Presentation Open Access
Eirik Larsen; Stephen Purves; Dimitris Economou; Behzad Alaei
Machine Learning (ML) has been capable for three decades, to infer lithology, sedimentary facies, porosity, and fluid saturation as functions of wireline logs. Now, ML is moving from R&D projects and into the tool box of the generalist, transforming the subsurface workflow. In addition to being fueled by algorithmic development, data, and high-performance compute; this transformation is enabled by the emergence of data analytics platforms, that facilitate; i) practical use of ML methods by the generalist geoscientist, ii) integration of data analytics with structured data in databases, iii) semi-automated data management, quality-control and -improvement, and iv) tracking of data provenance, enabling reproducible scientific workflows.
On a regional scale we can now train supervised ML models with well-log data (as features) and data from core, and/or from physics models (as target labels). We can efficiently condition large well data sets in order to enable ML prediction of rock and fluid properties at scale. We can measure prediction accuracies using a cross-validation approach with blind testing against all wells in the dataset. The data-types we can predict includes porosity, permeability, lithology, sedimentary facies, source rock properties, and fluid saturation among others.
On a local scale we can train supervised ML models with partial-stack seismic data (features) and rock- and fluid-property data from wells (labels).
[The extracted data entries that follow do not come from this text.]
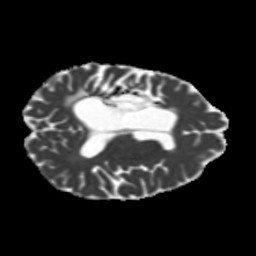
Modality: MD
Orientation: axial
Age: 31
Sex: female
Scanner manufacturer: siemens
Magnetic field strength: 3 T
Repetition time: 5.25 s
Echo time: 0.08 s
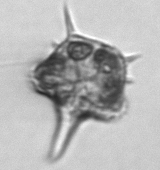
Label: Amylax

We can use deep convolutional neural networks to predict rock- and fluid property cubes based on upscaled version of the inferred property logs. Wells within the bounds of 3D surveys can be used for blind cross validation allowing network hyperparameters to be tuned and model performance to be assessed.
In order to provide stratigraphic and structural context to the predicted rock and fluid property data we can use automated seismic interpretation techniques to interpret stratigraphic units and faults from seismic data. We use fully convolutional deep networks for fault interpretation, and deep encoder-decoder networks such as SegNet for stratigraphic interpretation. These techniques classify 3D seismic post stack datasets achieving a high level of consistency based on a relatively small number of expert labelled regions.
Since geological interpretation and prediction is typically based on sparse and low-resolution data and is inherently uncertain, we can apply methods such as Bayesian neural networks to determine model uncertainty for automatic seismic interpretation. We can efficiently integrate scenario analysis with ML modelling to construct multiple models based on variations of the input data. So in addition to applying a data-driven approach we can now start to make uncertainty analysis fundamental to everything that we do as geoscientists.
The incredibly rich subsurface data and metadata available in national data repositories and company databases can, and is now starting to, serve as rich resources for training machine learning models at scale. When we can use machine-learning technology to build models at scale, using well and seismic data, we can start to piece together the data-driven puzzle needed to define and characterise known and potential hydrocarbon accumulations. We can now begin to; i) leverage machine learning in play screening, using all the available log, core and seismic data, ii) apply machine learning models to reveal missed pay intervals, which frequently have been the inception of successful discoveries, and iii) identify and characterize prospects, discoveries and fields. These tasks typically require use of multiple ML models to be applied to multiple data types, and that we use technology to achieve true data-driven integration.
ML technology paired with solid data science practice; i) facilitates integration of data and disciplines, ii) enables geoscientists to exceed current best practice with the ML tools available today, and iii) paves the way to the "new" best practice which is integrated data science and geoscience. What the future holds is more automation and more reliable data analytics platforms. Geo/data scientists will spend less time on hands on data science, needed to make systems run, and more time on being creative, searching for and characterizing opportunities to build the basis for successful data-driven exploration and production decisions.